Look at each line of the records and count those with "ellipse" in them. Please answer with the count alone.
┌────────
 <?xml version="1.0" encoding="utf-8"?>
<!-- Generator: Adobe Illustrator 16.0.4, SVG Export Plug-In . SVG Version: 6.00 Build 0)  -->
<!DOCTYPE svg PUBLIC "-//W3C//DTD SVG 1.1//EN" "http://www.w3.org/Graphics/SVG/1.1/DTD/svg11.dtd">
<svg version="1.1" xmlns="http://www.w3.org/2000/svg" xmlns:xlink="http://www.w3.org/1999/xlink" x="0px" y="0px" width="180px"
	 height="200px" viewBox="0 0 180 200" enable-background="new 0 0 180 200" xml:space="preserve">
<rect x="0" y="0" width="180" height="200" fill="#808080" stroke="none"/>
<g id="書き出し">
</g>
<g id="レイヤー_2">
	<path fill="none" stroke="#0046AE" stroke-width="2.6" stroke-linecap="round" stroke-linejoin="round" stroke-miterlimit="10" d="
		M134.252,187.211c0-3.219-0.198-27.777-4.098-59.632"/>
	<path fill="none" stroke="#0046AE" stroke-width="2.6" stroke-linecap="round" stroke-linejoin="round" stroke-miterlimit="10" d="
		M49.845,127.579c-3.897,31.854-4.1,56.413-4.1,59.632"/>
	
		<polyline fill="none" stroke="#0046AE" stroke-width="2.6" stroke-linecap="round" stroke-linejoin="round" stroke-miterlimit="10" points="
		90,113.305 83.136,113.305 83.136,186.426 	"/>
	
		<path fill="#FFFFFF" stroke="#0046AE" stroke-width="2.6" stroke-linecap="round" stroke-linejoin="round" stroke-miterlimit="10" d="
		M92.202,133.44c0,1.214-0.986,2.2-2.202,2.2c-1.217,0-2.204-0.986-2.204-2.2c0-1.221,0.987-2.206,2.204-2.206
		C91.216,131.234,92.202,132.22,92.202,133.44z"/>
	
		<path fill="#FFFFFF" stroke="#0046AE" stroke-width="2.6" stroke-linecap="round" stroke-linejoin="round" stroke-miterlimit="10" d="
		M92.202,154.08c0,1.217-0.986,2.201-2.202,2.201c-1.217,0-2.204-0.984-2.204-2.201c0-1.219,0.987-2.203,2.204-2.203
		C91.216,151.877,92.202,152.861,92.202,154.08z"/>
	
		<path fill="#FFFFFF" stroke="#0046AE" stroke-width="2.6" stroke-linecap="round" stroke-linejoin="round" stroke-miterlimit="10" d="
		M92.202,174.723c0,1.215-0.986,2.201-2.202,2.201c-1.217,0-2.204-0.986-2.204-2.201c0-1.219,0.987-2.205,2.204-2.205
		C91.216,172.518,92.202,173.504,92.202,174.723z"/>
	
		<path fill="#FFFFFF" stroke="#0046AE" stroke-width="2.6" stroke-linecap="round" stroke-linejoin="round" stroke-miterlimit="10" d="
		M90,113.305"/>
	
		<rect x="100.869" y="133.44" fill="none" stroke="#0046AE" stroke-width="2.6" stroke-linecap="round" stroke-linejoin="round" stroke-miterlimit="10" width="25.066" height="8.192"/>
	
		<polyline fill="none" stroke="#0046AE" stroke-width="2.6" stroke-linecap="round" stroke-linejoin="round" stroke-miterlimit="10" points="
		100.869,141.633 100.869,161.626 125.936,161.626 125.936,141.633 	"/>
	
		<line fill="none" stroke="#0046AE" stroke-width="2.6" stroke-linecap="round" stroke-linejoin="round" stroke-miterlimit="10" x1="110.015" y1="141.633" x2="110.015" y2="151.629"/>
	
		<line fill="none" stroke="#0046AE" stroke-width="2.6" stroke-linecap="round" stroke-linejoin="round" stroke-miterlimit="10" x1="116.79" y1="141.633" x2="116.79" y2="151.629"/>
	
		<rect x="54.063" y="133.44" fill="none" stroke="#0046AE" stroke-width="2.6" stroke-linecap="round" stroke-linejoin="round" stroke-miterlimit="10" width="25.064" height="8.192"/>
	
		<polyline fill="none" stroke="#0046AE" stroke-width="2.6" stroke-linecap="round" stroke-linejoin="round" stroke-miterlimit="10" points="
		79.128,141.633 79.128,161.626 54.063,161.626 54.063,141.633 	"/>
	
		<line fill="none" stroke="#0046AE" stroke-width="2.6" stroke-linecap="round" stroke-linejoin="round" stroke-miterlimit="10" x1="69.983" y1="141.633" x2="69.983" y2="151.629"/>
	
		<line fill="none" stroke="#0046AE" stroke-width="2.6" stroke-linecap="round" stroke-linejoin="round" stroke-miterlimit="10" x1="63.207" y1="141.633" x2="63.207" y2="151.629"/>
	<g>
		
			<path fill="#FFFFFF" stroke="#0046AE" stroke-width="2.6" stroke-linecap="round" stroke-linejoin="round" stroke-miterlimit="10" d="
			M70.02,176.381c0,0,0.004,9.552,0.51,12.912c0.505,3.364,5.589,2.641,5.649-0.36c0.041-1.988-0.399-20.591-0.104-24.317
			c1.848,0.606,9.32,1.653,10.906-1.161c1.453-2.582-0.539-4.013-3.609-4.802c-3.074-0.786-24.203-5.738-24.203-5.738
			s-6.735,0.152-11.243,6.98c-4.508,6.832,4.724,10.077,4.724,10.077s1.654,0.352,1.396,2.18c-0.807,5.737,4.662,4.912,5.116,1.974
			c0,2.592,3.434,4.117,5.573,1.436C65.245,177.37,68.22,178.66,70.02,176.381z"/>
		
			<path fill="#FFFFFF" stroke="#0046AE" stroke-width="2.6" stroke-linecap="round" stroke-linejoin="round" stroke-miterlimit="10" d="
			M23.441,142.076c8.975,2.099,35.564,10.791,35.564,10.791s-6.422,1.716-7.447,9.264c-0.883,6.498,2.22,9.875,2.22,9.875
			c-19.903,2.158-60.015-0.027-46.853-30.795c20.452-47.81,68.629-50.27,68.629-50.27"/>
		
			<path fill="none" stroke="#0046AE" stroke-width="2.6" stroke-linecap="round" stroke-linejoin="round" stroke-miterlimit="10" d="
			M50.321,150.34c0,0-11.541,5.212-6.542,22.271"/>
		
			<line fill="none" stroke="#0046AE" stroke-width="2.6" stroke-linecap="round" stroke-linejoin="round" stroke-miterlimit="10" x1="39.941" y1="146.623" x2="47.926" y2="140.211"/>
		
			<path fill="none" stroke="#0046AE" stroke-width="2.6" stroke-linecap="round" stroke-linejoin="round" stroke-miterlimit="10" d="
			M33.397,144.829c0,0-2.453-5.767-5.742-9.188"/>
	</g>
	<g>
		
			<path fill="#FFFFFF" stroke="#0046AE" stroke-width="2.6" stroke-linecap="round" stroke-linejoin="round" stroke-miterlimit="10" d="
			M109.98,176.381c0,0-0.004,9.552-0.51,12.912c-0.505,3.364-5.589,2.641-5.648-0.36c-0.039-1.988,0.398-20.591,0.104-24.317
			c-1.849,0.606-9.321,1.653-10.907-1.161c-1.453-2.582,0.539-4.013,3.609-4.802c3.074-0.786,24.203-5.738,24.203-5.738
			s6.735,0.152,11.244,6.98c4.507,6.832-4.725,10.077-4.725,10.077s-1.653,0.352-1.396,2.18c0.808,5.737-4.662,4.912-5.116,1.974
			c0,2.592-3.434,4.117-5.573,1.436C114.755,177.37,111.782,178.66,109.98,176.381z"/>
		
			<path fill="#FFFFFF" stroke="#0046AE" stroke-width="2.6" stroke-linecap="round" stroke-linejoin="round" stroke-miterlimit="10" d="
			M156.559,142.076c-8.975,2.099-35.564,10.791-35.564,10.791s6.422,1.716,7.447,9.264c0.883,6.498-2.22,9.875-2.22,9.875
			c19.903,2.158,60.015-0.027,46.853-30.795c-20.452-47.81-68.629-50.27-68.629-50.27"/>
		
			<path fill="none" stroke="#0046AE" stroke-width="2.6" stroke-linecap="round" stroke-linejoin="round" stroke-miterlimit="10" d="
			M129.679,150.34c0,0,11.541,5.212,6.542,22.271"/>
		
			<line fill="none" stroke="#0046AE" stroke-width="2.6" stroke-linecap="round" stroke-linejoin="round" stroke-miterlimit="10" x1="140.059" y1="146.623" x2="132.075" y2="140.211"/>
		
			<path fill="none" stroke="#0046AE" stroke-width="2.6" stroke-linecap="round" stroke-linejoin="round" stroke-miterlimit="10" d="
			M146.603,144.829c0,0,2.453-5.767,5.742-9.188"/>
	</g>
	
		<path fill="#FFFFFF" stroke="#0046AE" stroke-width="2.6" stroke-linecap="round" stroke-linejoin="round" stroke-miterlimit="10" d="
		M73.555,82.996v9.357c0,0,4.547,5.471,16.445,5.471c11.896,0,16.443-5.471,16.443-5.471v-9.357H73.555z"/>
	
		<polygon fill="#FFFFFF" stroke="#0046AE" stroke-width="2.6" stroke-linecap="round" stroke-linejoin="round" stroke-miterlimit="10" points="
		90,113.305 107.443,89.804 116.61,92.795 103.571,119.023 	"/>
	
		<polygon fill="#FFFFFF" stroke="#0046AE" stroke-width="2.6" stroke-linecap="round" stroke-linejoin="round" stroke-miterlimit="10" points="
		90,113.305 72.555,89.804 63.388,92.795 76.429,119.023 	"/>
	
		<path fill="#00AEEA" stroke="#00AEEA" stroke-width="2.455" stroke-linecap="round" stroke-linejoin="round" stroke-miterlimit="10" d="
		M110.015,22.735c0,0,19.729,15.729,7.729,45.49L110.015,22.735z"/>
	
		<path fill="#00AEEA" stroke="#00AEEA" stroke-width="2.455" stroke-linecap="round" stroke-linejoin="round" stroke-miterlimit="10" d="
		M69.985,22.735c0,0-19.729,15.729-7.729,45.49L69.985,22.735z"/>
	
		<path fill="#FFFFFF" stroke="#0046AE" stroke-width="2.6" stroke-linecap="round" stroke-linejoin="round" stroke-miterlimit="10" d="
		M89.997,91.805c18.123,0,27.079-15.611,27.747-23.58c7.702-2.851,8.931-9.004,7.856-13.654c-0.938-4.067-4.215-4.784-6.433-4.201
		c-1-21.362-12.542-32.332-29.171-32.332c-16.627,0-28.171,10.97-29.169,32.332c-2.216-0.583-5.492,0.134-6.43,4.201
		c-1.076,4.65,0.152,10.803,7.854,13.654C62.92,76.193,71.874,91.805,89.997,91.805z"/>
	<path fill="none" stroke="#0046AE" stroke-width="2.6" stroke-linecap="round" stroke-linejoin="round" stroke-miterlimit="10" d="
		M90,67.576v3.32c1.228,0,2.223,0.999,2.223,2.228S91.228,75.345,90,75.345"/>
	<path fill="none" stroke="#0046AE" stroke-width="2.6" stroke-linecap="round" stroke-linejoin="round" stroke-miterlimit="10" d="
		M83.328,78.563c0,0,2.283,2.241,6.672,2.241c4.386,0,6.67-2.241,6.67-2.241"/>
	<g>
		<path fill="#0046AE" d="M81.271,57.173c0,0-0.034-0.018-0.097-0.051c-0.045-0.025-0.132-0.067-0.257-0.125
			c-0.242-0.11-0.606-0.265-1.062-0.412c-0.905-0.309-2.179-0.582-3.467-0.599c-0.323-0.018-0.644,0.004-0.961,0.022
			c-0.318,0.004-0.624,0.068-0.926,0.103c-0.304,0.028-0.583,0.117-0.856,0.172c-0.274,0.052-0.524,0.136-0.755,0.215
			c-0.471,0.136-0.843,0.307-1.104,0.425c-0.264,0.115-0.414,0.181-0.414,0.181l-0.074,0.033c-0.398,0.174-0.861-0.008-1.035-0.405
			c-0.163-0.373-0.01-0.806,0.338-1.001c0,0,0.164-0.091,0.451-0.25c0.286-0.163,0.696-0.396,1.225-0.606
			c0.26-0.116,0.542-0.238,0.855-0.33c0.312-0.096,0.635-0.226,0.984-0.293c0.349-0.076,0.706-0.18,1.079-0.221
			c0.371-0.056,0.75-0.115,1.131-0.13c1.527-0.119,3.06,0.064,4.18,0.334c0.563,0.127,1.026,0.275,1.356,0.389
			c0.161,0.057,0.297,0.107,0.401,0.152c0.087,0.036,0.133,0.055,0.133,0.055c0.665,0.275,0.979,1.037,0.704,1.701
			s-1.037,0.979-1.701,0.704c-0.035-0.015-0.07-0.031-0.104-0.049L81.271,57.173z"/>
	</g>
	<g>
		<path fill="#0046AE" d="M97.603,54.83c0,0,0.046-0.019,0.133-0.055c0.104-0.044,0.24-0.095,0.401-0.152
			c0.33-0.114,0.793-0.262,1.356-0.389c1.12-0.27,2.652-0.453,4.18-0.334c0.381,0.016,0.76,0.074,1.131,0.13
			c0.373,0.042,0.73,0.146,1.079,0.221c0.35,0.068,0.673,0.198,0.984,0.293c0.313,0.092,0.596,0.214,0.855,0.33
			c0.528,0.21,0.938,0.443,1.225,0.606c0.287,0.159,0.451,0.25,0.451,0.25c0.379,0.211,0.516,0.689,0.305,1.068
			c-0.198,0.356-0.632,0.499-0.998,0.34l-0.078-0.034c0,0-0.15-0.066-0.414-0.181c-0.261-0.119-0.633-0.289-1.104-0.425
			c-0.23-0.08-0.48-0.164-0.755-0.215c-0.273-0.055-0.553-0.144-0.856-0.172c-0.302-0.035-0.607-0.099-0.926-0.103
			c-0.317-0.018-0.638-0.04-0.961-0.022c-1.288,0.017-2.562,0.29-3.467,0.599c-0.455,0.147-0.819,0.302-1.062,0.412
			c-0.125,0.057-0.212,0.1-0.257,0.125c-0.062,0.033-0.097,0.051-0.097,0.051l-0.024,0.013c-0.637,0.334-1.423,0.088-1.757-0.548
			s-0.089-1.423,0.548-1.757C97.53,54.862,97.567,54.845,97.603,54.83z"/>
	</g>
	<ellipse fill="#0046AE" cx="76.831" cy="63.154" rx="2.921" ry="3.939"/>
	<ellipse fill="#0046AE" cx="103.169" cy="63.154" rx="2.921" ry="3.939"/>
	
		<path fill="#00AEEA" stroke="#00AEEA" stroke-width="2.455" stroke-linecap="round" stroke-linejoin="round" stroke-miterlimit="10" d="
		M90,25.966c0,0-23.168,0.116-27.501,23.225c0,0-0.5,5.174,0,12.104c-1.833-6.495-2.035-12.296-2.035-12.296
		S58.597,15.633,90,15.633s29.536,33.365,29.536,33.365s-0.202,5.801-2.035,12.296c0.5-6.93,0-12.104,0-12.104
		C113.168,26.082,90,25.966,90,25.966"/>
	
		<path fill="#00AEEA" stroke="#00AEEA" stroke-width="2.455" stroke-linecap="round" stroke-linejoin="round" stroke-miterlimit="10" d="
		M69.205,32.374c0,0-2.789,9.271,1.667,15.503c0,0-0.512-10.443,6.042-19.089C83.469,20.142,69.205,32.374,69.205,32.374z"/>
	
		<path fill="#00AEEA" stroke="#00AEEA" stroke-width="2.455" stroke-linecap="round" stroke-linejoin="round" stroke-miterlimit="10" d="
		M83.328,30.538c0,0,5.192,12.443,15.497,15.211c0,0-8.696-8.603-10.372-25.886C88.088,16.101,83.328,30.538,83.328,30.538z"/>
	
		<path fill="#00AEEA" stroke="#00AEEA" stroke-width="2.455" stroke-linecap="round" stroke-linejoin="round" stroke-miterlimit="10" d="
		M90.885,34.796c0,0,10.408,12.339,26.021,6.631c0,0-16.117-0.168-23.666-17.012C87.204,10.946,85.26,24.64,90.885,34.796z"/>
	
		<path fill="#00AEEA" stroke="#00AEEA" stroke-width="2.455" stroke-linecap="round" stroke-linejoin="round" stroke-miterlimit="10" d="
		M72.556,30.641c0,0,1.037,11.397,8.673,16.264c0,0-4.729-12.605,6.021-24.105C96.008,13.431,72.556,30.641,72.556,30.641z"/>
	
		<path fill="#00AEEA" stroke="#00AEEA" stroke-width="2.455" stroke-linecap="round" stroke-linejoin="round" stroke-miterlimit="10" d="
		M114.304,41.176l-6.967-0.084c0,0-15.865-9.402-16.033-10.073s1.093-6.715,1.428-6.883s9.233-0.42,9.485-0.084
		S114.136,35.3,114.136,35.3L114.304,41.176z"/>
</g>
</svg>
└────────
* **RESPONSE TO THIS TASK**: 2